德妃猜疑孩子可能是皇帝的,命令道,“金翠!去请太医,抓一贴去胎药!”
银翠立即抓住往外走的金翠,“不!不可以!不可以去胎!奴婢,奴婢肚子里的是龙胎!”
德妃的目光如毒蛇一般看向银翠,她马上就明白耶律鸿宠信银翠的用意,“敢背叛本宫!拖出去砍了!”
金翠只是微微皱眉,没有犹豫,拖着银翠往外走。
从小一起长大的姐妹做出背主的事,失望也生气。
银翠挣扎跪在谷云珊面前,“太后娘娘,救救奴婢!奴婢肚子里的是您的孙儿啊!”
谷云珊眸光闪烁,立即下决断倒打一耙,“谁派你来胡说八道的!德妃,你可别中了别人的奸计!你一直知道皇上喜欢美人,不可能和丑女睡!”
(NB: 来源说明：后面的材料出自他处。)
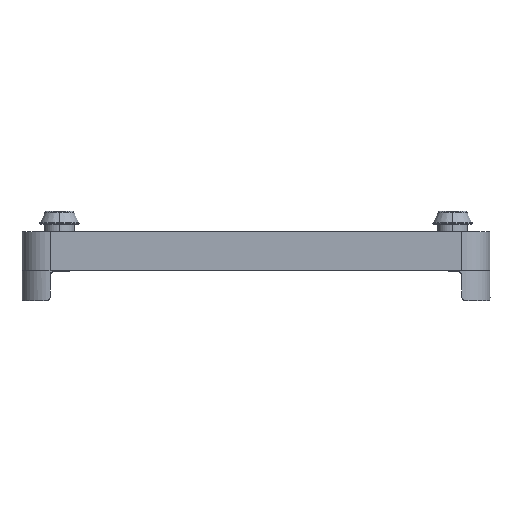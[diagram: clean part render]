
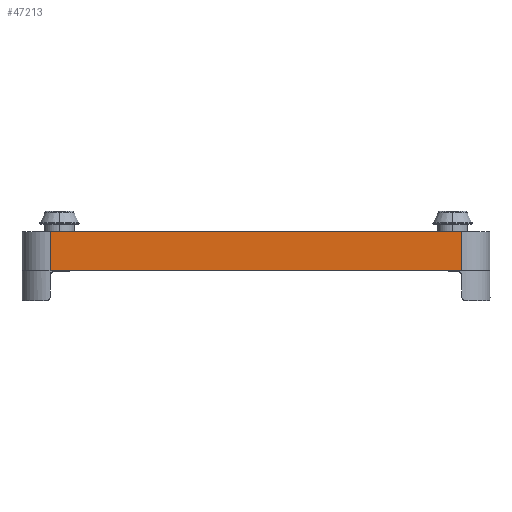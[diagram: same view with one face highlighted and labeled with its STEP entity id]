
A CAD part, left-side view. The second image highlights one B-rep face of the part: STEP entity #47213.
In plain terms, the highlighted planar face has unit normal (-1, 0, 0).
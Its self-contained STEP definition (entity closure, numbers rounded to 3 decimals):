
#1671=CARTESIAN_POINT('',(-62.5,54.961,-2.0));
#1672=VERTEX_POINT('',#1671);
#5368=CARTESIAN_POINT('',(-62.5,-54.961,-2.0));
#5369=VERTEX_POINT('',#5368);
#5377=CARTESIAN_POINT('',(-62.5,-54.961,-2.0));
#5378=DIRECTION('',(0.0,1.0,0.0));
#5379=VECTOR('',#5378,109.923);
#5380=LINE('',#5377,#5379);
#5381=EDGE_CURVE('',#5369,#1672,#5380,.T.);
#45787=CARTESIAN_POINT('',(-62.5,-55.,-2.0));
#45788=VERTEX_POINT('',#45787);
#45796=CARTESIAN_POINT('',(-62.5,-55.,-2.0));
#45797=DIRECTION('',(0.,1.0,0.0));
#45798=VECTOR('',#45797,0.039);
#45799=LINE('',#45796,#45798);
#45800=EDGE_CURVE('',#45788,#5369,#45799,.T.);
#45818=CARTESIAN_POINT('',(-62.5,55.0,-2.0));
#45819=VERTEX_POINT('',#45818);
#45837=CARTESIAN_POINT('',(-62.5,54.961,-2.0));
#45838=DIRECTION('',(0.,1.0,0.0));
#45839=VECTOR('',#45838,0.039);
#45840=LINE('',#45837,#45839);
#45841=EDGE_CURVE('',#1672,#45819,#45840,.T.);
#47181=CARTESIAN_POINT('',(-62.5,-55.,-2.0));
#47182=DIRECTION('',(-1.0,0.0,0.0));
#47183=DIRECTION('',(0.0,0.0,1.0));
#47184=AXIS2_PLACEMENT_3D('',#47181,#47182,#47183);
#47185=PLANE('',#47184);
#47186=CARTESIAN_POINT('',(-62.5,-55.,8.5));
#47187=VERTEX_POINT('',#47186);
#47188=CARTESIAN_POINT('',(-62.5,-55.,-2.0));
#47189=DIRECTION('',(0.0,0.0,1.0));
#47190=VECTOR('',#47189,10.5);
#47191=LINE('',#47188,#47190);
#47192=EDGE_CURVE('',#45788,#47187,#47191,.T.);
#47193=ORIENTED_EDGE('',*,*,#47192,.T.);
#47194=CARTESIAN_POINT('',(-62.5,55.0,8.5));
#47195=VERTEX_POINT('',#47194);
#47196=CARTESIAN_POINT('',(-62.5,-55.,8.5));
#47197=DIRECTION('',(0.0,1.0,0.0));
#47198=VECTOR('',#47197,110.);
#47199=LINE('',#47196,#47198);
#47200=EDGE_CURVE('',#47187,#47195,#47199,.T.);
#47201=ORIENTED_EDGE('',*,*,#47200,.T.);
#47202=CARTESIAN_POINT('',(-62.5,55.0,-2.0));
#47203=DIRECTION('',(0.0,0.0,1.0));
#47204=VECTOR('',#47203,10.5);
#47205=LINE('',#47202,#47204);
#47206=EDGE_CURVE('',#45819,#47195,#47205,.T.);
#47207=ORIENTED_EDGE('',*,*,#47206,.F.);
#47208=ORIENTED_EDGE('',*,*,#45841,.F.);
#47209=ORIENTED_EDGE('',*,*,#5381,.F.);
#47210=ORIENTED_EDGE('',*,*,#45800,.F.);
#47211=EDGE_LOOP('',(#47193,#47201,#47207,#47208,#47209,#47210));
#47212=FACE_OUTER_BOUND('',#47211,.T.);
#47213=ADVANCED_FACE('',(#47212),#47185,.T.);

谷云珊下令:“挑拨皇上和德妃,你是何居心!来人,给哀家把这个狗奴才绑起来!”
德妃冷冷的看着谷云珊做戏,“那就有劳太后姑母替臣妾查出真相!”
这个奴才,她本就不想再要,不如交给太后,随她玩。
谷云珊心里虚,强装正定,“哀家一定让人审问清楚!你且不可以受人挑拨离间!”
谷云珊故作不经意的瞥了一眼皇太后,指引德妃怀疑皇太后。
德妃嘴角扯着冷笑,说:“太后姑母放心,臣妾不是愚昧无知之人。”
谷云珊站起身,看着德妃和皇后,说:“你们别打扰皇太后歇息!随哀家一道走!”
德妃拿起茶杯品茶,不为所动。
皇后则很配合的起身,朝皇太后福了福身,“臣妾宫中还有事,先回去,得空再来给您请安!”
皇太后点头,“去吧。”
皇后先行一步离开。
姜巧婷亲自送她。
她来寿仙宫做事,皇后必定会猜疑池舒彤的事是算计。
她必须尽快消除皇后对皇太后的怀疑。
把皇后送到门口,她福身说:“雪天路滑,皇后娘娘慢些。”
皇后停下脚步,问她:“你是池才人的陪嫁,怎会在寿仙宫?”
姜巧婷面露无奈:“不敢欺瞒娘娘,当日小姐离宫,奴婢与云慧回宫收拾嫁妆,云慧去内务府领籍册,无意间得知,谷美人偷偷要了一个驴凳,等着小姐回宫教训她;”
“奴婢猜测,谷美人抓不住小姐,必定会拿我和云慧出气,为了保住云慧,奴婢只能留在宫里拖住谷美人,让云慧先一步离宫;”
“等奴婢要走时,谷美人派人守住宫门想要抓奴婢,奴婢只能另求庇护;”
“奴婢思来想去,不想扰皇后娘娘清静,听闻皇太后仁慈爱下棋,便主动来寿仙宫请缨;”
“许是见奴婢棋艺好,茶艺也不错,皇太后格外开恩留下奴婢。”
皇后第一次正眼打量姜巧婷,“本宫听说过谷美人想做什么,原以为你们两个奴才都跑不掉,你倒是聪明,待在寿仙宫确实比待在本宫身边安全。”
姜巧婷顺势拍马:“若奴婢有皇后娘娘庇护,定然也能安全,只是,奴婢不愿皇后娘娘因为要护着奴婢,而与太后交恶;”
“毕竟,当初在御花园,是奴婢起的头,惹恼了太后。”
皇后轻笑,“你不说,本宫都忘了,那日,确实是你冒尖儿保住的池才人。”
皇后说完,便上轿离去。
姜巧婷恭敬的福了福身,目送轿子彻底消失在道路尽头。
皇后明知她和云慧可能会遭殃,活生生两条人命,她却并未想过要阻止。
姜巧婷叹息,“皇权至上,奴才的命真的不如狗”
另一边,谷云珊担心德妃心中有气,会不顾一切站队皇太后,想带德妃一起走,“德妃,随哀家回宫,一同审问银翠。”